I've handled two of them. I don't like the ergonomics or texture/flutes on the stock.
I'm sure the action is fine, but haven't fired one.
It does seem like a good rifle, but...

I prefer the Marlin X7s.

I don't like the Savage, Stevens, or Remington "budget" rifles. Those companies took existing designs and cut corners until they could meet the price point they wanted. The result is a poorly designed stock, sloppy tolerances in the actions (and the stupid polymer bolt guide in the Remingtons), and poor fit and finish. In the case of the Remington, you don't even get a threaded barrel. It's merely pressed into the action.

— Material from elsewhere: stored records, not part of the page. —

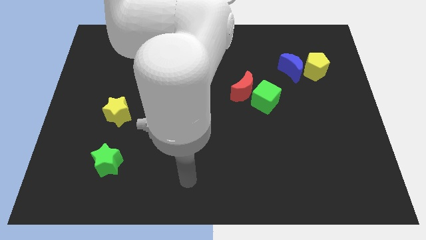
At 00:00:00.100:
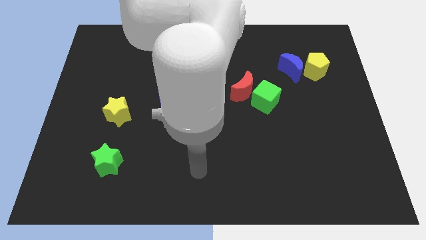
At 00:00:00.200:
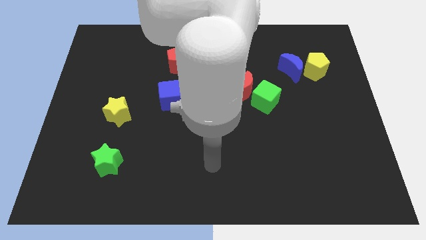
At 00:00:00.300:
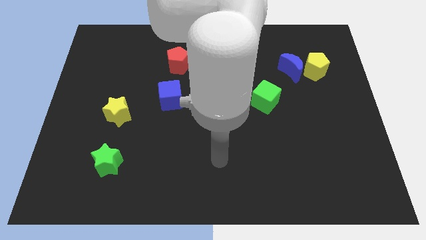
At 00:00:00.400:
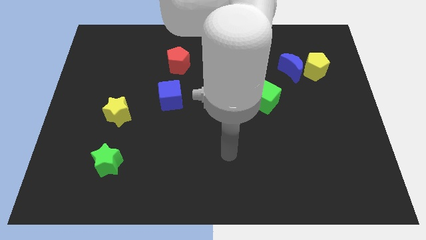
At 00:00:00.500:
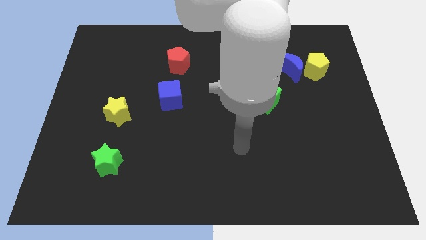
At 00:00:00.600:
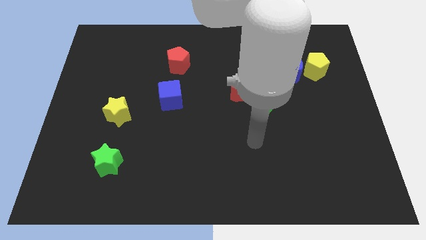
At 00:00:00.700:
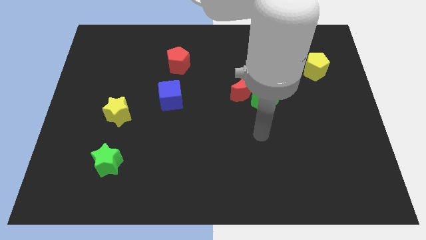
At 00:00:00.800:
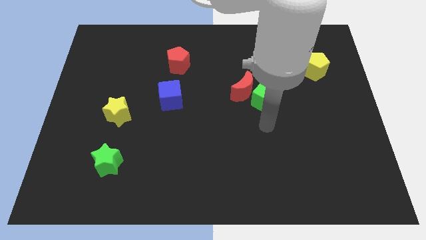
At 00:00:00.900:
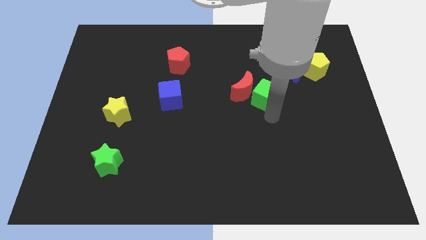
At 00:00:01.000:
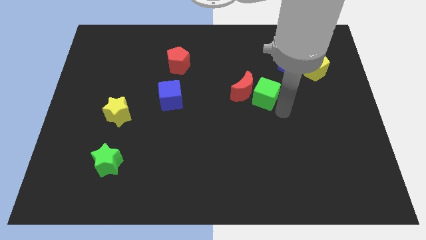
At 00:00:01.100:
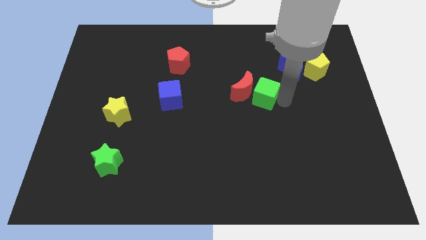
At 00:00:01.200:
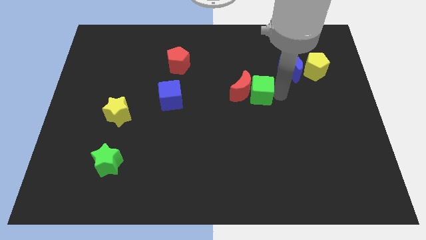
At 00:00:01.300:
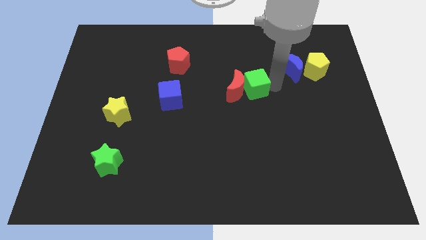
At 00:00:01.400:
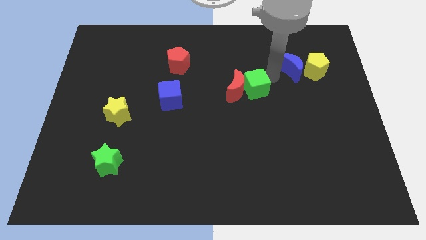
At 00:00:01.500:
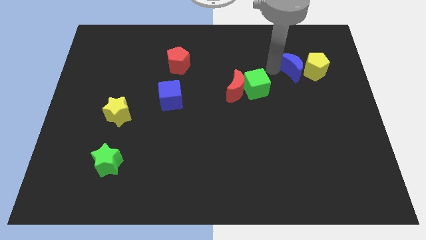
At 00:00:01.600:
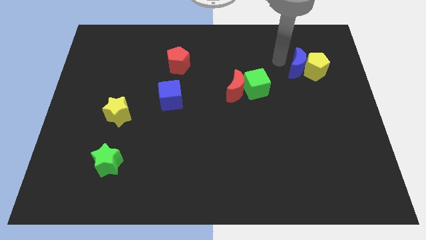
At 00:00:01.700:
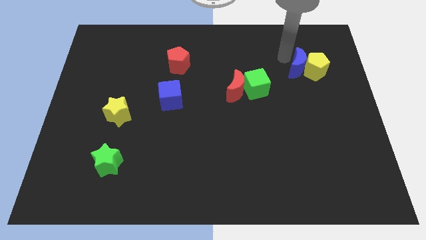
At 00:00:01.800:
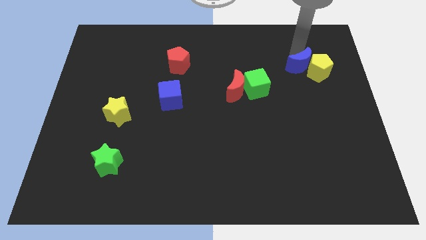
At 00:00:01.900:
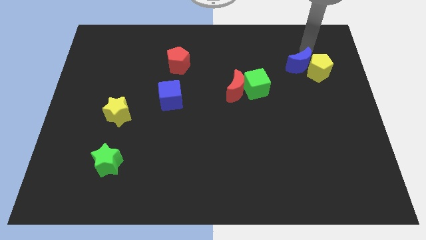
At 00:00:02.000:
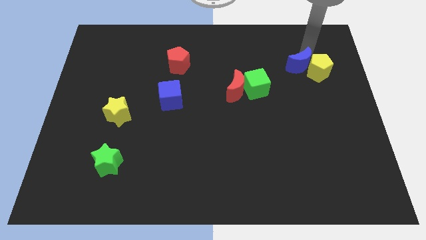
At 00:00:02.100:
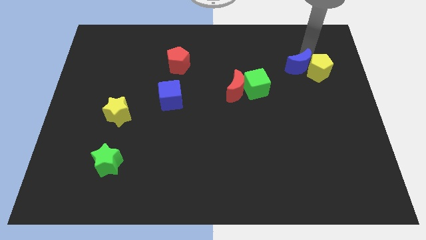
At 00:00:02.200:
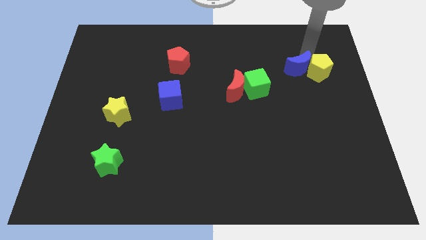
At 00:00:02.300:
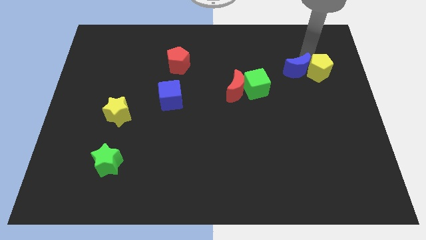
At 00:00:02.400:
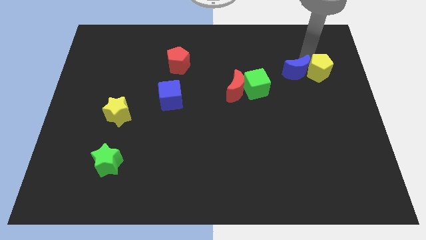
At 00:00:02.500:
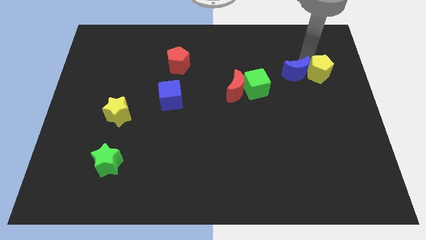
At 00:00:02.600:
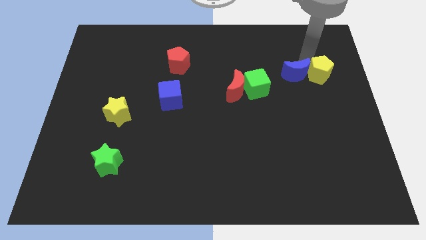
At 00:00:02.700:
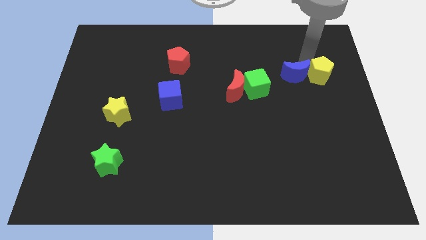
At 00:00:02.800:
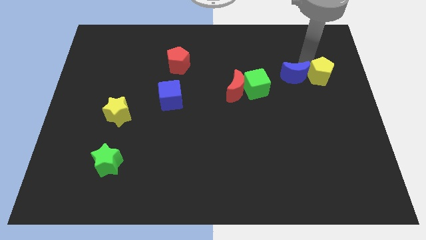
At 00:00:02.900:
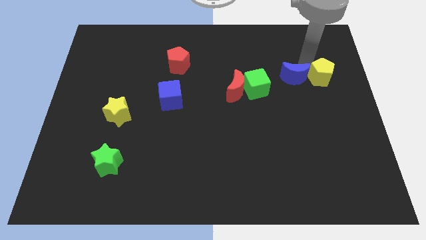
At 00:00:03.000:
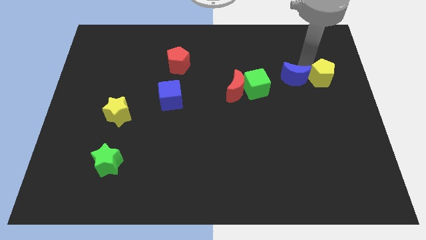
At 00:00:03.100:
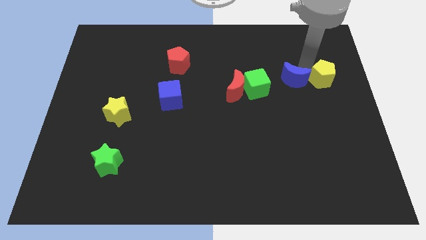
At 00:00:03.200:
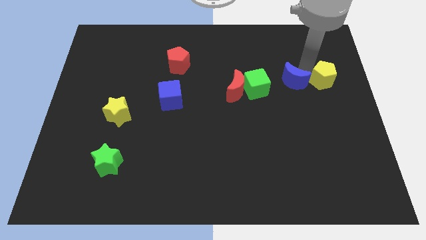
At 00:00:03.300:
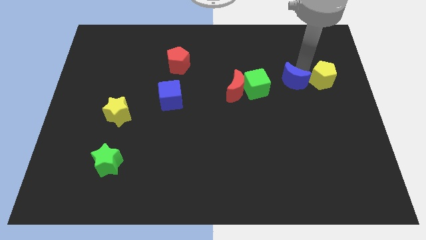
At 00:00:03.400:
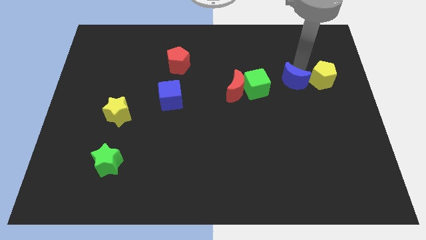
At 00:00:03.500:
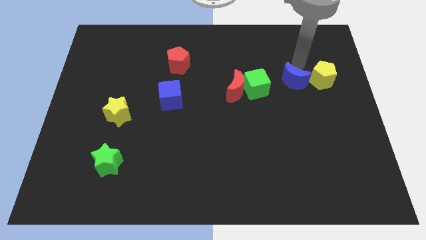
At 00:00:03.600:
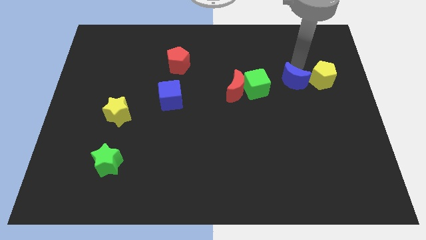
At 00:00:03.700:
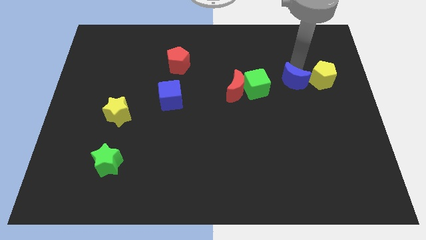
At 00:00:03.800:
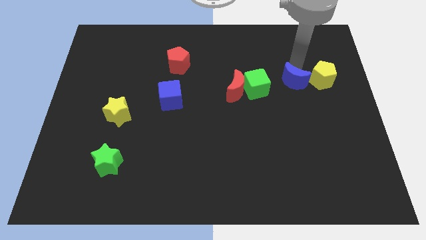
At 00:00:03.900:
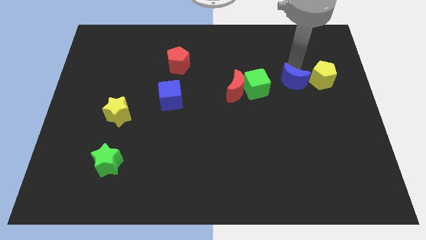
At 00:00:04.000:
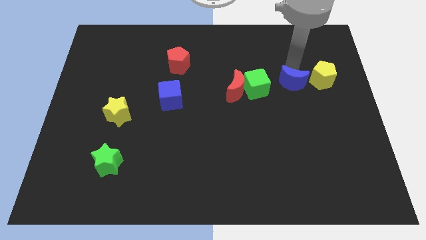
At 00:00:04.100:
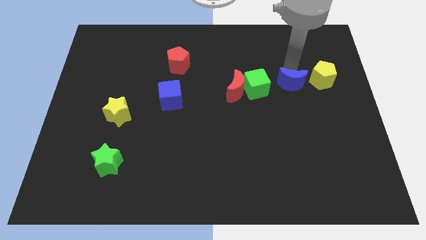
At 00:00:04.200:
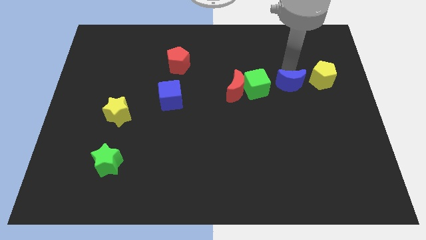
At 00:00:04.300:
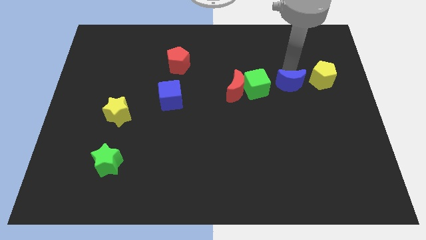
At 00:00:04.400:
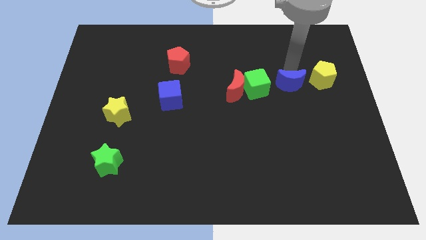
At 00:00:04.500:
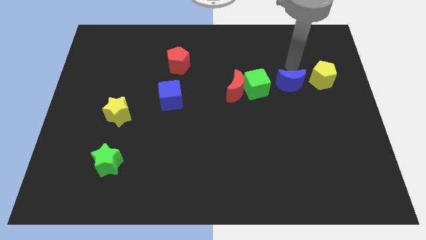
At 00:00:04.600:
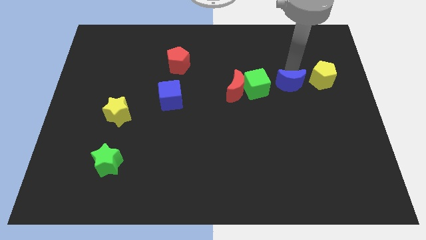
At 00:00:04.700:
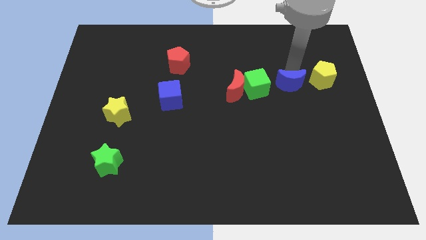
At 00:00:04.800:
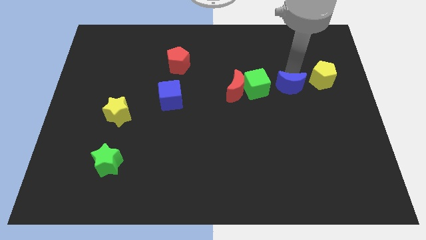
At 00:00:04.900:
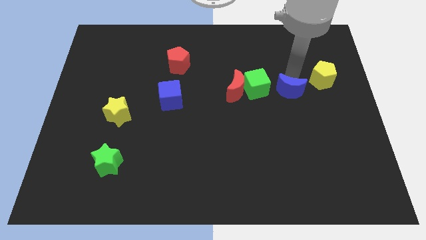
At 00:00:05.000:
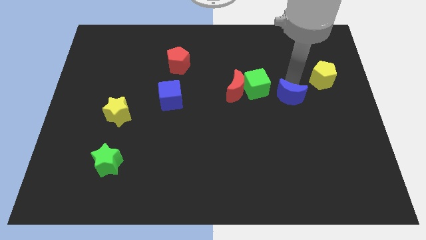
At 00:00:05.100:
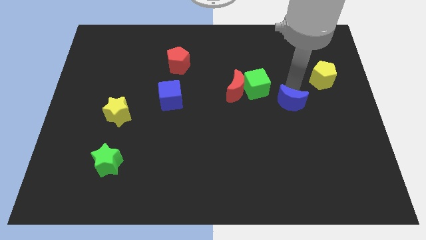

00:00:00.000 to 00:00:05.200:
move the blue moon a little diagonally downwards and left

Ruger and Marlin, however, designed their 'budget' rifles from the ground up. The focus was on designing a quality rifle that was not expensive to manufacture or assemble. The result for Marlin was a ****-fine rifle with a lot of hidden engineering, that only had its reputation tarnished when Remington took over production (and had serious QC problems for a while). So far, all reports on the Ruger American seem to be following Marlin's lead: a good rifle that was specifically designed to be cheap to manufacture (not a rifle that was compromised by cutting corners and lowering quality standards on an existing design).


If I could get over the funky ergonomics, the American would definitely be on my short list as a rifle for my son.
But... My Marlin XL7 (.30-06) hasn't printed a group larger than 1.5" (100 yards) since the barrel was broken in, and consistently averages 0.476" with one of my handloads and 0.494" with another of my handloads. Even with Winchester 168 gr BST factory ammo, it has never printed a group larger than 0.600".

I put a lot of time and energy into finding the right rifle, when I was in the market for one of the "budget" guns. I'm very glad I did. I never would have considered the Marlin, otherwise. In my opinion, it's still far superior to any other rifle in the 'budget' category.
It's very unfortunate that Remington raised prices on the X7s. They'd be selling a lot more of them, if they weren't so greedy. The current price on the X7s puts them up against more standard rifle offerings, rather than the budget lines.

Bottom line:
I rank the budget rifles as follows (best to worst, by manufacturer):
Marlin
Ruger
Weatherby
Savage/Stevens
Mossberg
Remington


----------